Meski diperkirakan Bali memasuki musim peralihan, BBMKG Denpasar tetap meminta masyarakat mewaspadai potensi hujan deras. Karenanya, masyarakat untuk menghindari area terbuka seperti lapangan dan sawah saat terjadi hujan dan petir.
BMKG mencatat kondisi angin dan gelombang laut berisiko terhadap keselamatan pelayaran. Ada pun pengguna perahu nelayan diminta mewaspadai kecepatan angin lebih dari 15 knot atau sekitar 27 kilometer per jam dan tinggi gelombang di atas 1,25 meter. Terhadap hal ini, operator kapal tongkang dianjurkan waspada saat angin berkecepatan lebih dari 16 knot dan tinggi gelombang di atas 1,5 meter.
Sedangkan, operator kapal feri diminta mewaspadai kecepatan angin lebih dari 21 knot dan tinggi gelombang di atas 2,5 meter. Pihaknya mengimbau masyarakat termasuk nelayan dan pelaku wisata bahari untuk mewaspadai potensi gelombang tinggi itu baik di perairan utara dan selatan Bali.

Wajib Biopuri
Terhadap antisipasi kemarau, Dinas Lingkungan Hidup (DLH) Kota Tasikmalaya, Jawa Barat, menyiapkan aturan terkait setiap rumah wajib membuat satu biopori untuk meningkatkan resapan air dan menjaga ketersediaan air tanah sebagai langkah antisipasi krisis air di masa akan datang.
Baca juga: Sejumlah Wilayah Percepat Musim Tanam Padi
Warga NTB Diminta Waspada Dampak Datangnya Kemarau
"Kita punya program satu rumah satu lubang biopori, itu menjadi solusi untuk resapan air, dan solusi penanganan sampah organik, belum saya sosialisasikan karena kita sedang menyusun (surat) edaran Wali Kota," kata Kepala DLH Kota Tasikmalaya Deni Diyana dikutip Antara, saat peringatan Hari Bumi Sedunia di Tasikmalaya, Selasa.
Sejak beberapa tahun ke belakang sudah banyak alih fungsi lahan yang menjadi kawasan perumahan warga, kemudian pusat kegiatan bisnis, dan lainnya. Ini seharusnya itu menjadi peringatan bagi pelaku usaha atau pengembang perumahan. Selama ini, dampak pembangunan kota seringkali membuat area tanah banyak yang ditutup tembok, pohon tidak banyak ditanam, dan kurangnya area resapan air.
Ia mengatakan, upaya mengatasi persoalan lingkungan itu maka DLH berkoordinasi dengan Dinas Pekerjaan Umum, dan Dinas Perumahan dan Kawasan Permukiman Kota Tasikmalaya untuk membuat regulasi agar pengembang lebih peduli terhadap kondisi lingkungan.
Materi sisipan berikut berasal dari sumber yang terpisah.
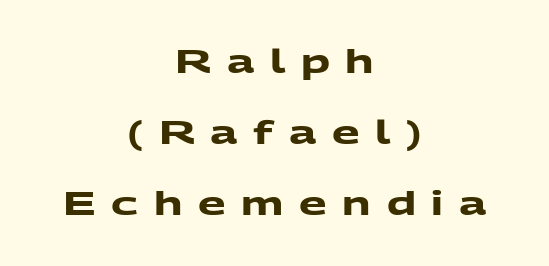
Q: Is the text bold? A: Yes.
Q: Is the typeface a serif or a sans-serif typeface? A: Sans-serif.
Q: Is the text underlined? A: No.
Q: How is the paragraph aligned? A: Centered.
Q: Is the spacing between letters normal or unusually wide? A: Unusually wide.
Q: Is the spacing between lines tight, normal or loose? A: Loose.
Q: Width (condensed, normal, or wide)? A: Wide.
Q: Stroke contrast? A: Medium.
Q: x-height? A: Medium.
Q: Monospaced? A: No.
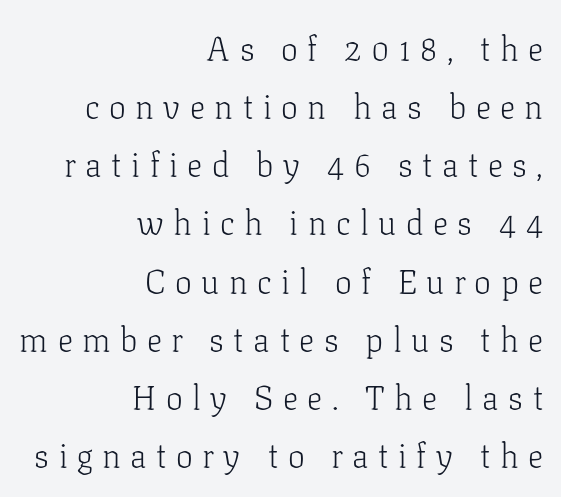
Is this a fixed-width face? No — the glyphs have proportional, varying widths. Clear beneath every line of the passage. The paragraph shown leans on its right margin. Look at the tracking — it's clearly loosened, letters drifting apart. The typography opts for an upright posture over an oblique one.
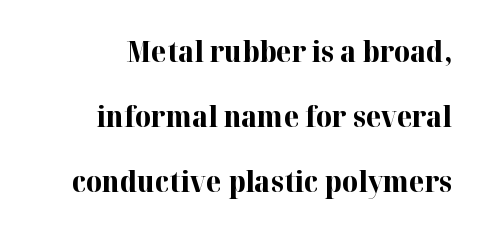
Q: Is the text bold? A: Yes.
Q: Is the text italic (slanted)? A: No, it is upright.
Q: Is the typeface a serif or a sans-serif typeface? A: Serif.
Q: Is the text underlined? A: No.
Q: How is the paragraph aligned? A: Right-aligned.
Q: Is the spacing between letters normal or unusually wide? A: Normal.
Q: Is the spacing between lines tight, normal or loose? A: Loose.
Q: Width (condensed, normal, or wide)? A: Normal.
Q: Stroke contrast? A: High.
Q: x-height? A: Medium.
Q: Monospaced? A: No.
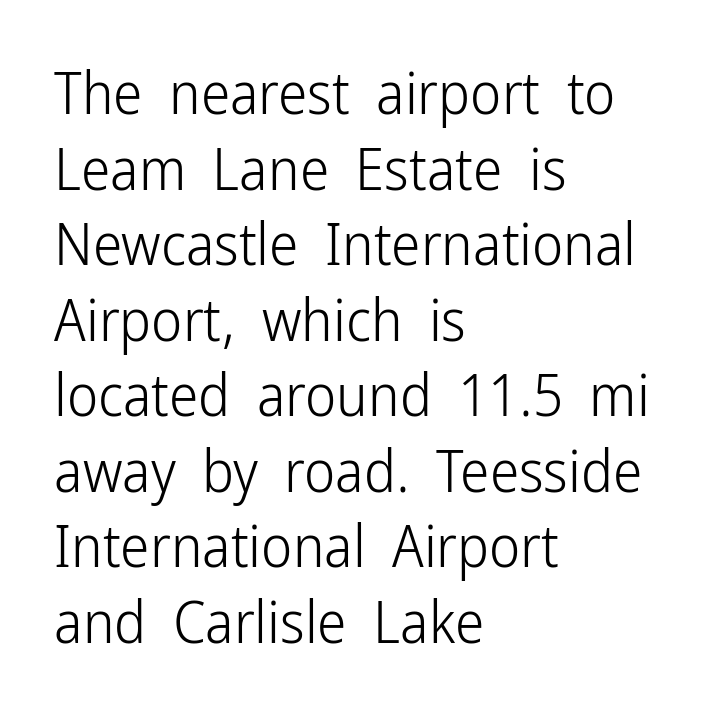
Q: Is the text bold? A: No.
Q: Is the text italic (slanted)? A: No, it is upright.
Q: Is the typeface a serif or a sans-serif typeface? A: Sans-serif.
Q: Is the text underlined? A: No.
Q: How is the paragraph aligned? A: Left-aligned.
Q: Is the spacing between letters normal or unusually wide? A: Normal.
Q: Is the spacing between lines tight, normal or loose? A: Normal.
Q: Width (condensed, normal, or wide)? A: Condensed.
Q: Stroke contrast? A: Low.
Q: x-height? A: Medium.
Q: Monospaced? A: No.
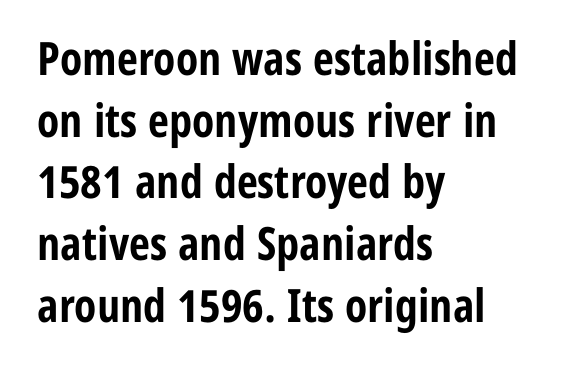
The characters look thick and weighty, a clear bold. Varying glyph widths throughout — classic text-font behaviour. Left-aligned paragraph, ragged on the right. The passage shown has conventional tracking throughout. When letters stand straight like this, we call the style roman or upright. Underlining? Definitely not there.
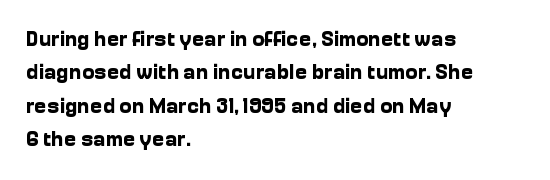
The image shows 21 px bold type, upright; set left-aligned, normal line spacing (1.59x), normal letter spacing, not underlined.
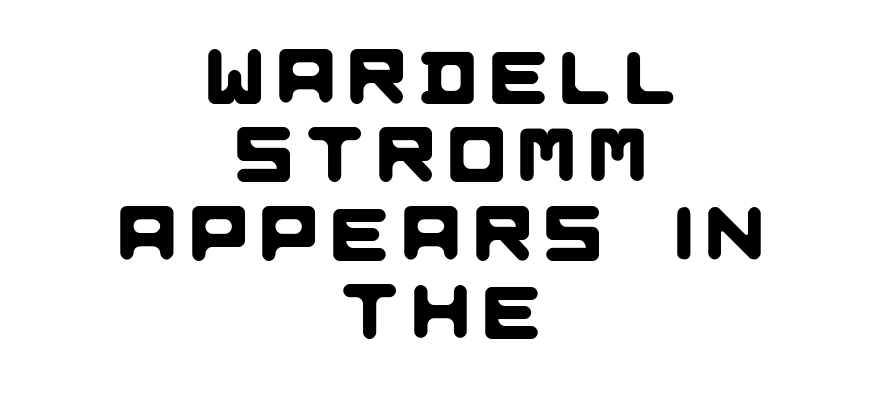
In terms of leading, this rendering errs on the cramped side. Type without underlining. Is this a fixed-width face? No — the glyphs have proportional, varying widths. Serif or sans? Sans — the stroke terminals are bare. Caption: multi-line text, centered on the measure.
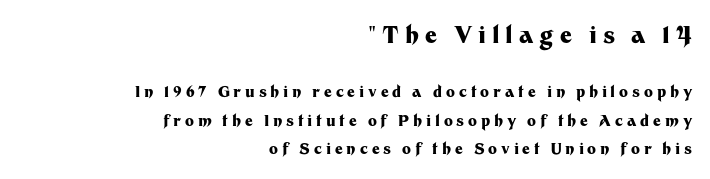
{"italic": "no", "bold": "yes", "underline": "no", "align": "right", "line_spacing": "loose", "line_spacing_ratio": 1.9, "letter_spacing": "wide", "letter_spacing_em": 0.26, "larger_block": "first", "size_ratio": 1.53, "glyph_px": 23}
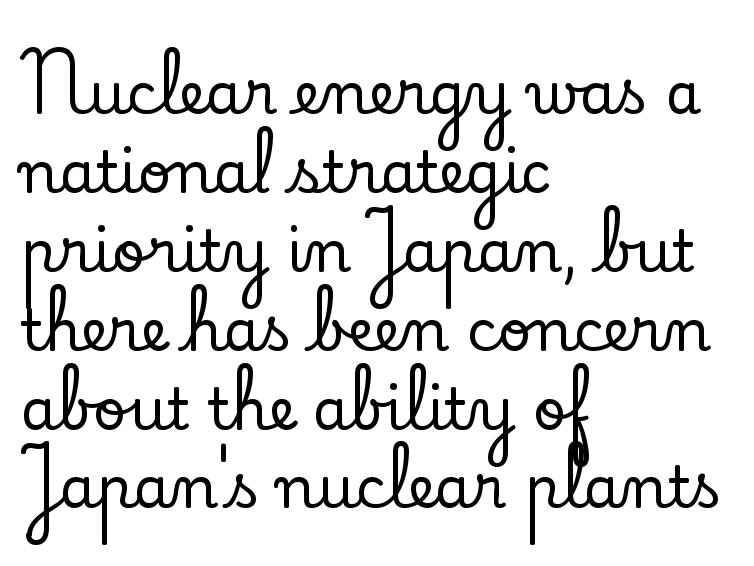
This rendering employs a face with finishing strokes, i.e., a serif. Does the leading feel generous? No, just average. The letters stand straight up with perfectly vertical stems. A typesetter would call this proportional, since set widths differ per character.

"Setiap perumahan itu wajib nanti, wajib menyiapkan area resapan ruang terbuka hijau yang cukup. Area resapan itu di antaranya bisa membuat biopori, sumur resapan, atau kolam retensi," katanya.
Pengawasan juga akan dilakukan, untuk memastikan setiap rumah yang baru dibangun memiliki biopori, begitu juga rumah-rumah yang sudah ada harus membuat biopori untuk menyerap air di permukaan dan menjaga ketersediaan air tanah.
Ia berharap adanya upaya membuat biopori maupun menambah banyak dan memperluas ruang terbuka hijau akan memberikan dampak manfaat untuk menyelamatkan kehidupan manusia di masa sekarang dan masa depan.